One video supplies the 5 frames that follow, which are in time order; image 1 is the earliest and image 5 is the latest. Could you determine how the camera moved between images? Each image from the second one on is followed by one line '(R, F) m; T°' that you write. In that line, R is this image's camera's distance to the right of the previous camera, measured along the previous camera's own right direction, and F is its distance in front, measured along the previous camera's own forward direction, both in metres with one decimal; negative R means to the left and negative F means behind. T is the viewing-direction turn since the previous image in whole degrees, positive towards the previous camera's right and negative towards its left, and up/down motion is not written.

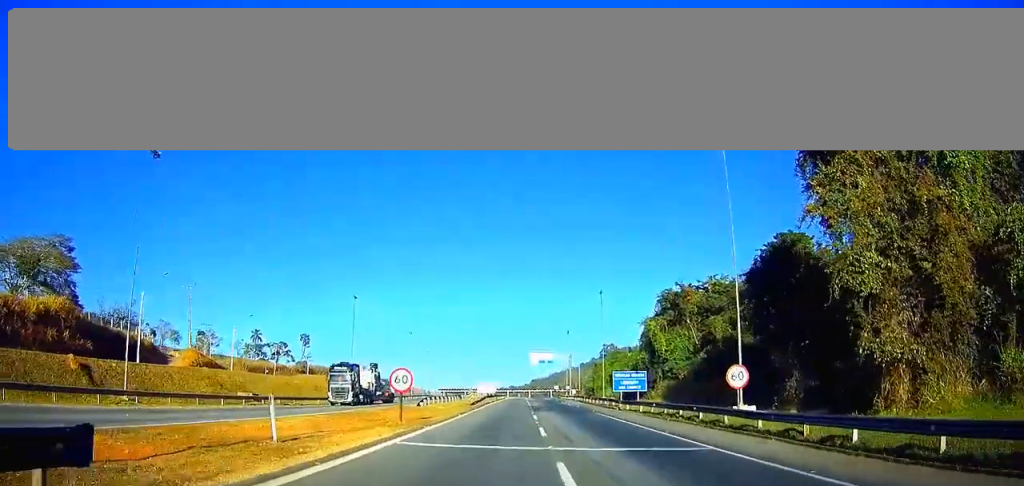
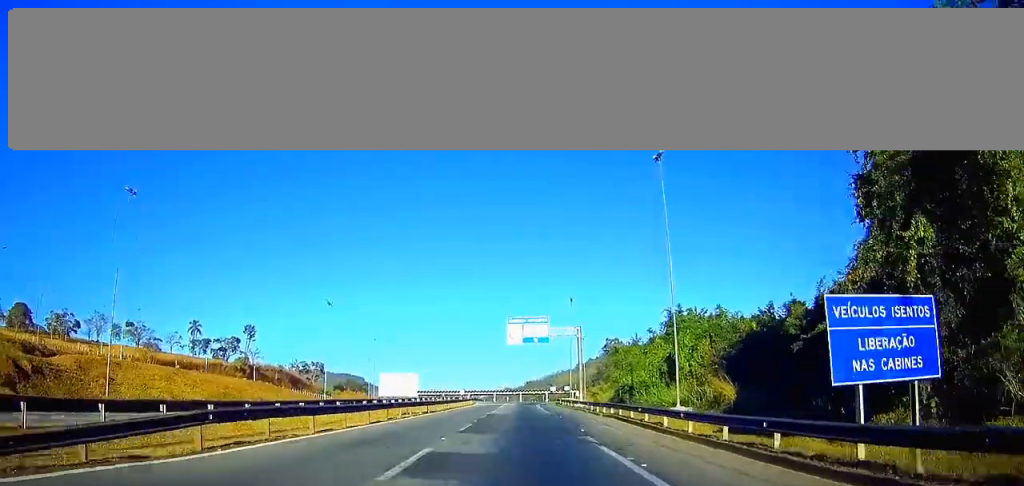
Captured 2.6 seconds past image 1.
(+0.1, +55.0) m; 0°
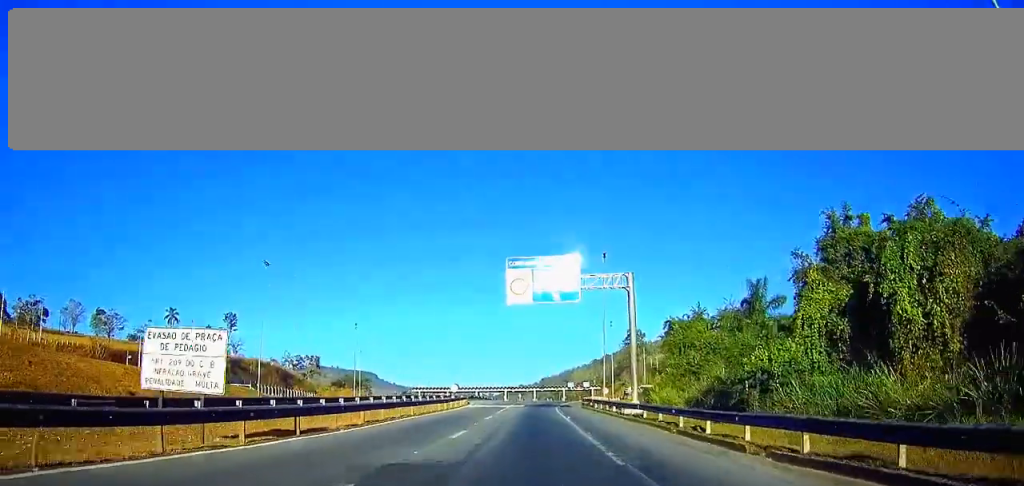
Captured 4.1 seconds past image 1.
(-0.4, +29.1) m; -1°
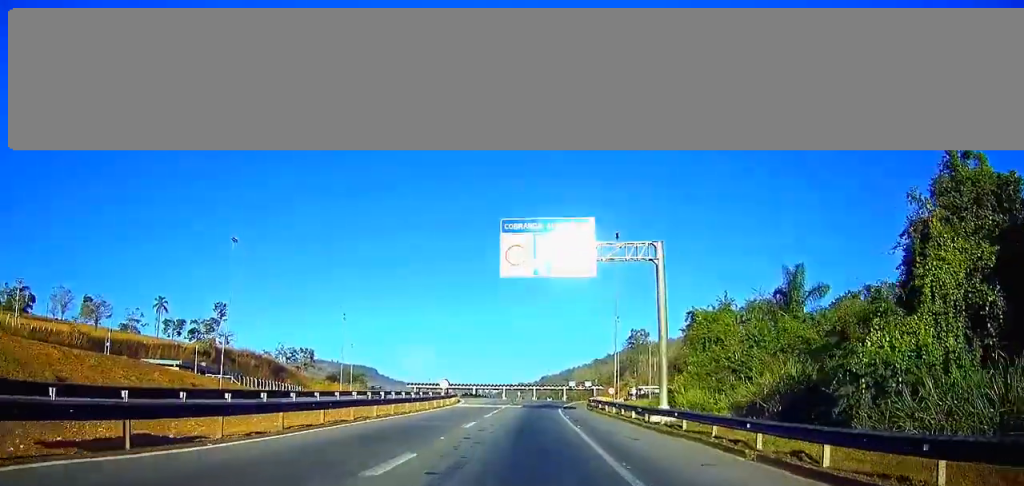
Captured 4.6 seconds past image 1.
(0.0, +9.1) m; 0°
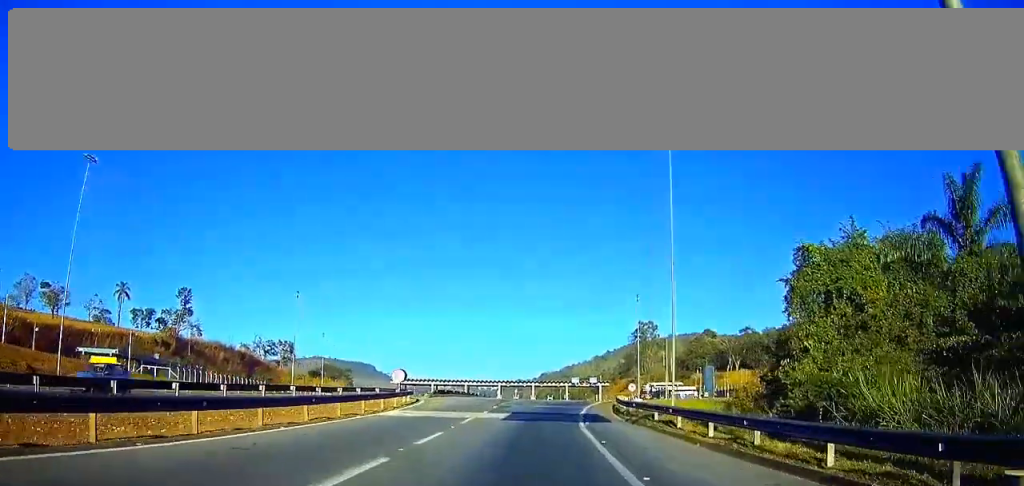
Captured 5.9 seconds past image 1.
(+0.1, +24.4) m; 0°

## Exercise directions
Give back all of the entries above exactly, with the pictures excluded.

## Expected answer
One video supplies the 5 frames that follow, which are in time order; image 1 is the earliest and image 5 is the latest. Could you determine how the camera moved between images? Each image from the second one on is followed by one line '(R, F) m; T°' that you write. In that line, R is this image's camera's distance to the right of the previous camera, measured along the previous camera's own right direction, and F is its distance in front, measured along the previous camera's own forward direction, both in metres with one decimal; negative R means to the left and negative F means behind. T is the viewing-direction turn since the previous image in whole degrees, positive towards the previous camera's right and negative towards its left, and up/down motion is not written.

Captured 2.6 seconds past image 1.
(+0.1, +55.0) m; 0°
Captured 4.1 seconds past image 1.
(-0.4, +29.1) m; -1°
Captured 4.6 seconds past image 1.
(0.0, +9.1) m; 0°
Captured 5.9 seconds past image 1.
(+0.1, +24.4) m; 0°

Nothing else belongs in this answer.